Nugatory think we may have a bit of misunderstanding.

They call it relativity for a reason. The speed you measure light traveling depends on your reference frame when a gravitational field is present. If you are in the rest frame of the mass that is generating the gravitational field, then the speed of light can be calculated from the Schwarzschild metric. This link presents a nice derivation: http://mathpages.com/rr/s6-01/6-01.htm

In general, the speed of light depends on the gravitational field as well as the where and what direction the beam of light is. The speed of light is not a simple scalar in a gravitational field, but rather a tensor! So if I am looking at the speed of light outside of the gravitational field it can appear as being slowed down. So you are right as long as I am measuring the speed of light from within the frame of reference of the gravitational field.

 

[MarSuper]

@Meir Achuz If what you say is true then permeability should change in the presence of a gravitational field. According to Einstein the value of Pi changes in space because the bending of space makes space non-Euclidean.

 

[Meir Achuz]

Pi is a mathematical number that can be defined by a definite integral or a power series. This number cannot be affected by a gravitational field.
If Einstein said anything, it was not that this number changed,

 

[MarSuper]

Pi is a mathematical number that can be defined by a definite integral or a power series. This number cannot be affected by a gravitational field.
If Einstein said anything, it was not that this number changed,

you can interpret this as you will.Einstein followed the line of reasoning that began with the "happiest thought" of his life. While still at the Swiss patent office, he conducted one of the famous thought-experiments. Einstein imagined a circle spinning in space. The center of the circle did not move, but its circumference was moving quickly in a circular direction. Einstein compared what happens in several reference frames, a standard tool he had used in developing the special theory of relativity. He concluded, using his special relativity, that the boundary of the disk contracted as it spun. There was a force acting on the circle at the boundary - the centrifugal force - and its action was analogous to that of a gravitational force. But the same contraction that affected the outer circle left the diameter unchanged. Thus, Einstein concluded, in a way that surprised even him, the ratio of the circle to the diameter was no longer pi. He deduced that in the presence of a gravitational force (or field), the geometry of space is non-Euclidean.

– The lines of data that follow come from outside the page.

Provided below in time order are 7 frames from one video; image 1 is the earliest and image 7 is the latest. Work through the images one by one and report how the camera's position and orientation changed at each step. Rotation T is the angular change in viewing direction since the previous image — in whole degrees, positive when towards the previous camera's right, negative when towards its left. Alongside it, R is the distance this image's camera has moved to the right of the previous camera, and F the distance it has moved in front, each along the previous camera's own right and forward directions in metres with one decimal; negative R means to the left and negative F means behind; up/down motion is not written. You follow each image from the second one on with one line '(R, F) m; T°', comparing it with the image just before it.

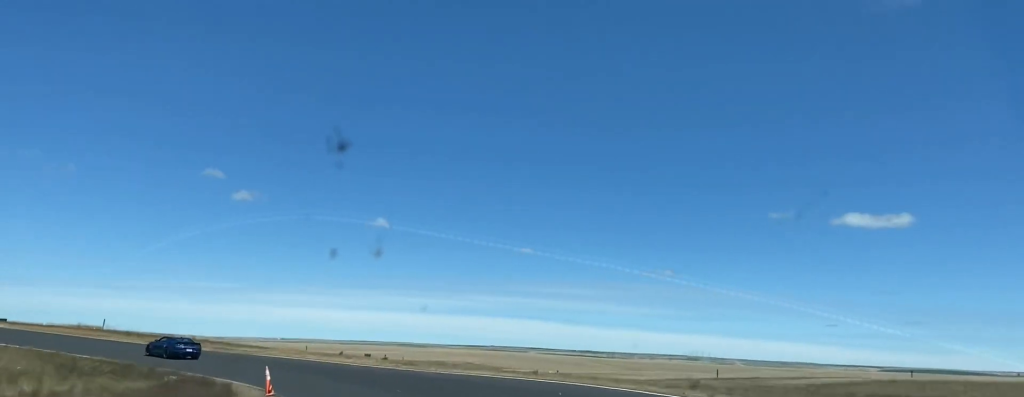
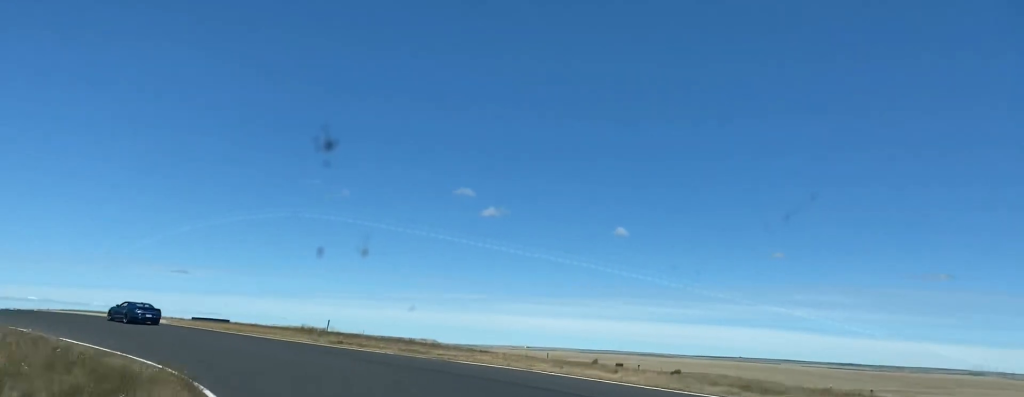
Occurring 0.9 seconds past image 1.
(-4.2, +24.9) m; -18°
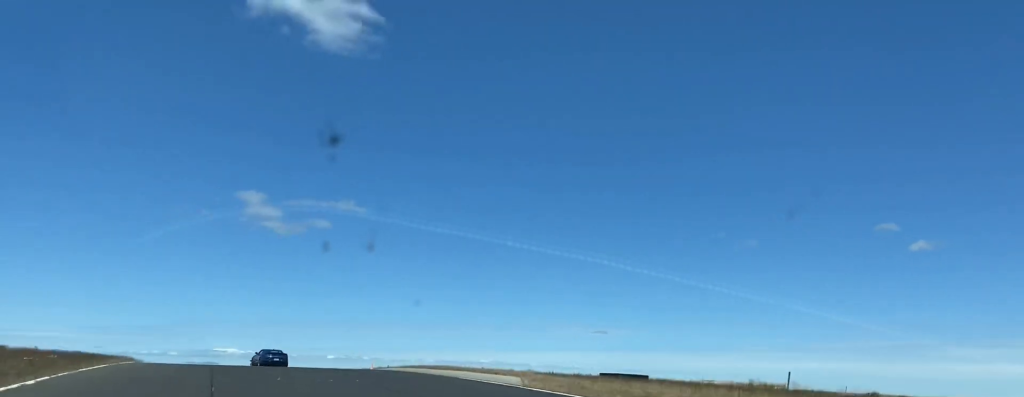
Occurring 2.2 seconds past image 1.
(-7.9, +33.3) m; -25°
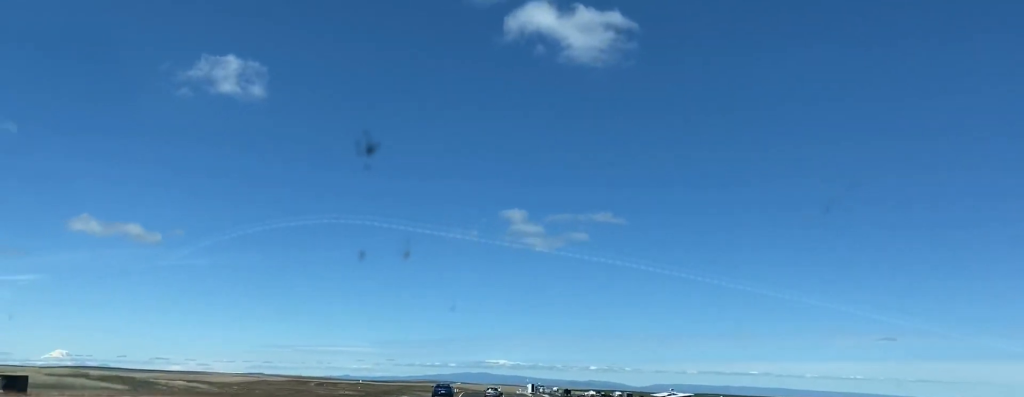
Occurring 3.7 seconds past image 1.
(-9.0, +40.4) m; -18°
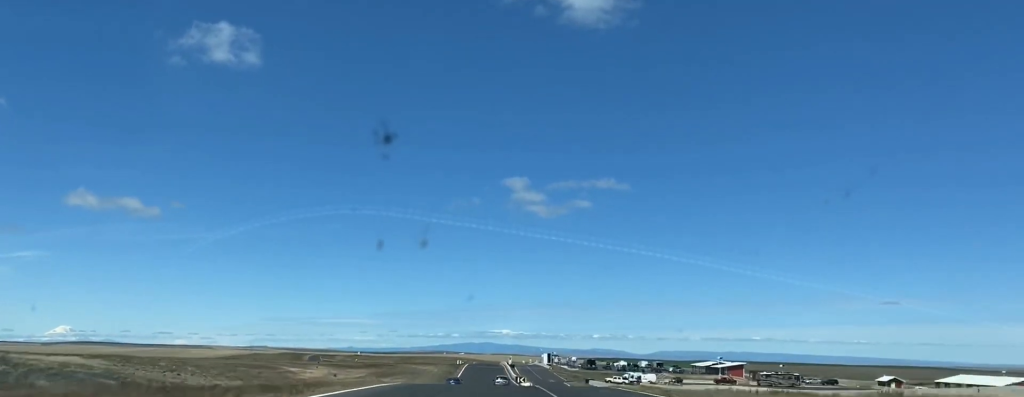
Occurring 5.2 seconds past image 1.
(-2.2, +47.4) m; -3°
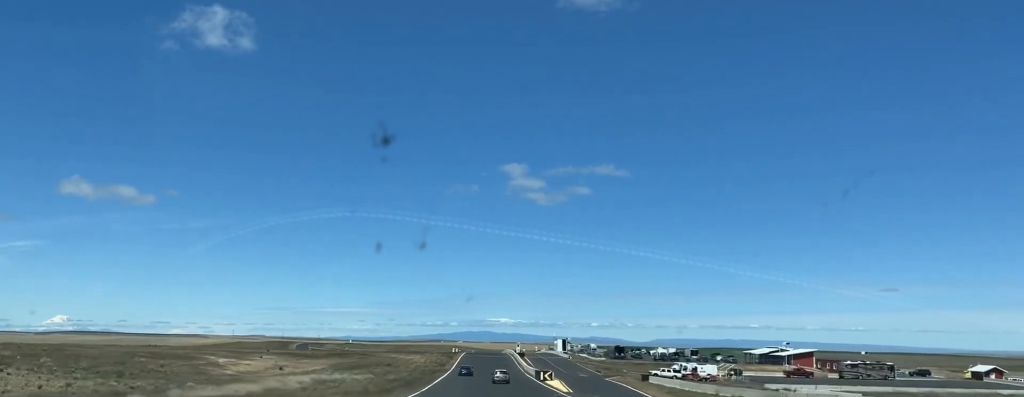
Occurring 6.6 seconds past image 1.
(+0.2, +46.5) m; 0°
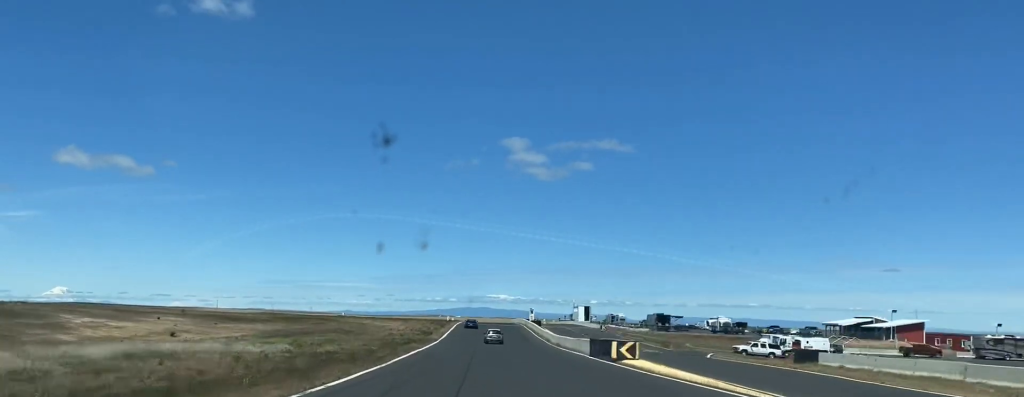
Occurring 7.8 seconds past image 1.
(-0.1, +44.0) m; 0°

There you go, that is what Einstein's thoughts were on the subject.

 

[Meir Achuz]

Yes, Einstein wrote "the ratio of the circle to the diameter was no longer pi.".
That says that the ratio of the circumference to the diameter changed, but the number pi did not.

 

[electro-physics]

I noticed while reading else where on the internet that certain materials have a relative permeability for the material. I was wondering since permeability increases in ferromagnetic materials when an external magnetic field is applied I was wondering if that was also true for free space.

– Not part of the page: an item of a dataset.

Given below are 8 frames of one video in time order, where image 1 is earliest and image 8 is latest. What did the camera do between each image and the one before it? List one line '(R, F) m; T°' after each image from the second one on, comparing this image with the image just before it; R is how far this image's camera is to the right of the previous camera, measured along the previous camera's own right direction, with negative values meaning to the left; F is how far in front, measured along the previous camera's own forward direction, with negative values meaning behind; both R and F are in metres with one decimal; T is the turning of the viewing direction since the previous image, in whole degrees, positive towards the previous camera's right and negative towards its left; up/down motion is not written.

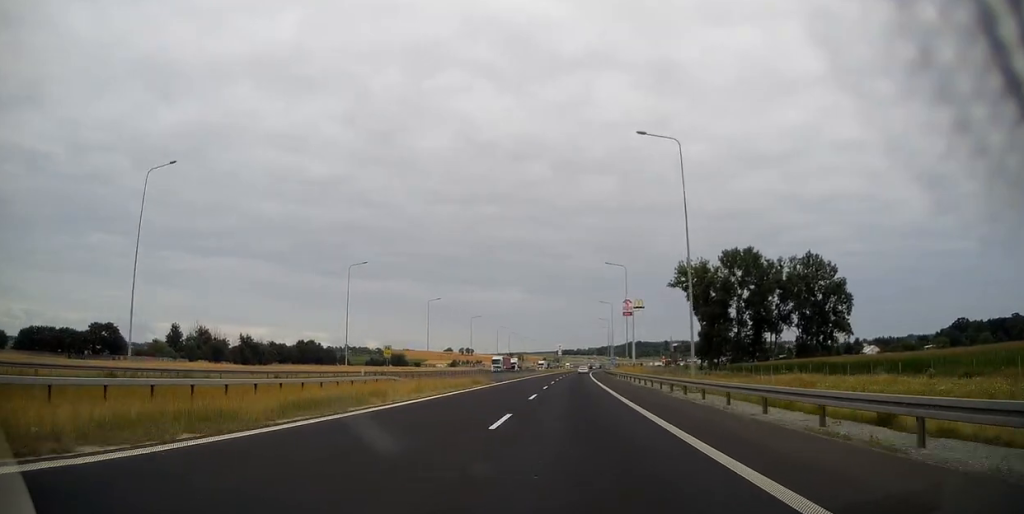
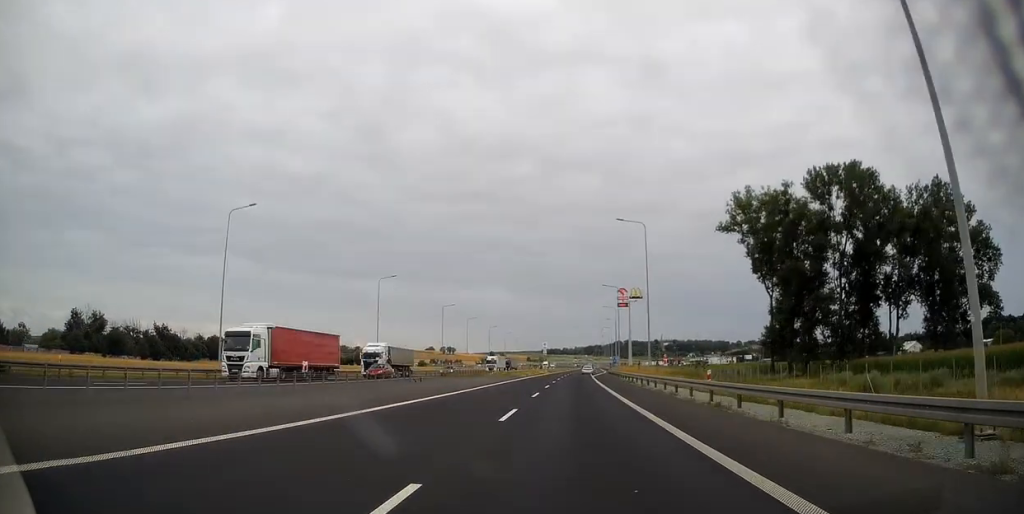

With out going in deep details permeability is basically flux density per magnetizing force. When we wind some piece of wire around a ferrite core and apply high frequency switching on it it generates magnetic flux. This flux increases with increase in applied conditions like volt-second. The ease of passing flux is represented by permeability and more correctly relative permeability as we are considering core material to air or vacuum. When whole piece of core has maximum limit of flux passage then it starts passing through air i.e. outside the core. But we know that an air coil has very small impedance so the transistor that was switching this coil on ferrite core may very soon come to destruction. When flux starts passing through air the previous almost linear relation of flux density to magnetizing force which represents its permeability does not held same as core gets saturated.